The coordinator is not centrally stepping every operator one by one. It places work on workers and tracks progress. After that, each worker has local execution queues and runs its assigned work.

Inside a worker execution turn, a driver streams pages through its operator chain:

TableScan.getOutput() -> Page
FilterAndProject.addInput(Page)
FilterAndProject.getOutput() -> filtered Page
TaskOutput.addInput(filtered Page)

If the driver yields or blocks, the same live driver/operator objects keep their state. Already-produced pages may have moved into an output buffer, local exchange, or another stage.

For EXPLAIN, the main thing to keep from this section is the small set of plan terms that connect back to the runtime model:

TableScan or ScanFilterProject:
  where data enters from a connector

Exchange / RemoteSource:
  where pages move between stages

Aggregation / Join / Sort:
  where operators transform pages

Fragment / Stage:
  how Trino splits the query into distributed pieces

Estimates:
  planner guesses, not runtime proof

When I later run:

EXPLAIN
SELECT orderstatus, count(*)
FROM iceberg.tpch.orders
WHERE orderdate >= DATE '2024-01-01'
GROUP BY orderstatus;

I want to map each plan section back to the hierarchy:

Which connector is used?
Where is the scan?
Where are filters applied?
Where does aggregation happen?
Where do exchanges happen?
Which fragment produces the final result?
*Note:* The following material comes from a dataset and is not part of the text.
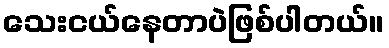
သေးငယ်နေတာပဲဖြစ်ပါတယ်။

That exercise is the fastest way to turn the vocabulary into intuition.

Trino is not a storage engine for my data. It usually queries data where it already lives.

Trino is also not usually the system that produces lakehouse data. In many lakehouse architectures, Spark or Flink writes data and Trino serves interactive SQL over that data.

For my own learning path, that means:

study query planning and execution first
study connector boundaries second
study storage formats and table formats third

For Iceberg and Hive, the connector layer is especially important because table metadata, partitions, splits, file formats, and pushdown decisions all live there.

The first mental model is:

Coordinator plans and schedules.
Workers execute.
Connectors access external data.
Operators move Page batches.
Stages and exchanges describe distributed data flow.

The runtime hierarchy is:

Query
  -> stages
     -> tasks
        -> pipelines
           -> drivers
              -> operators
                 -> pages

The key boundary is:

engine:
  general SQL planning and distributed execution

connector:
  data-source-specific metadata, splits, page sources, and writes

If I can keep those three ideas straight, the rest of Trino becomes much easier to learn.

Questions to check later:

  1. What does the coordinator do before workers read data?
  2. What is the difference between a stage and a task?
  3. What is a split?
  4. What is the relationship between a pipeline and a driver?
  5. What does an operator consume and produce?
  6. What is a Trino Page?
  7. Why is a Trino page different from a Parquet page?
  8. What work belongs to the connector instead of the core engine?
  9. Why is catalog.schema.table important?
  10. Why is EXPLAIN ANALYZE different from EXPLAIN?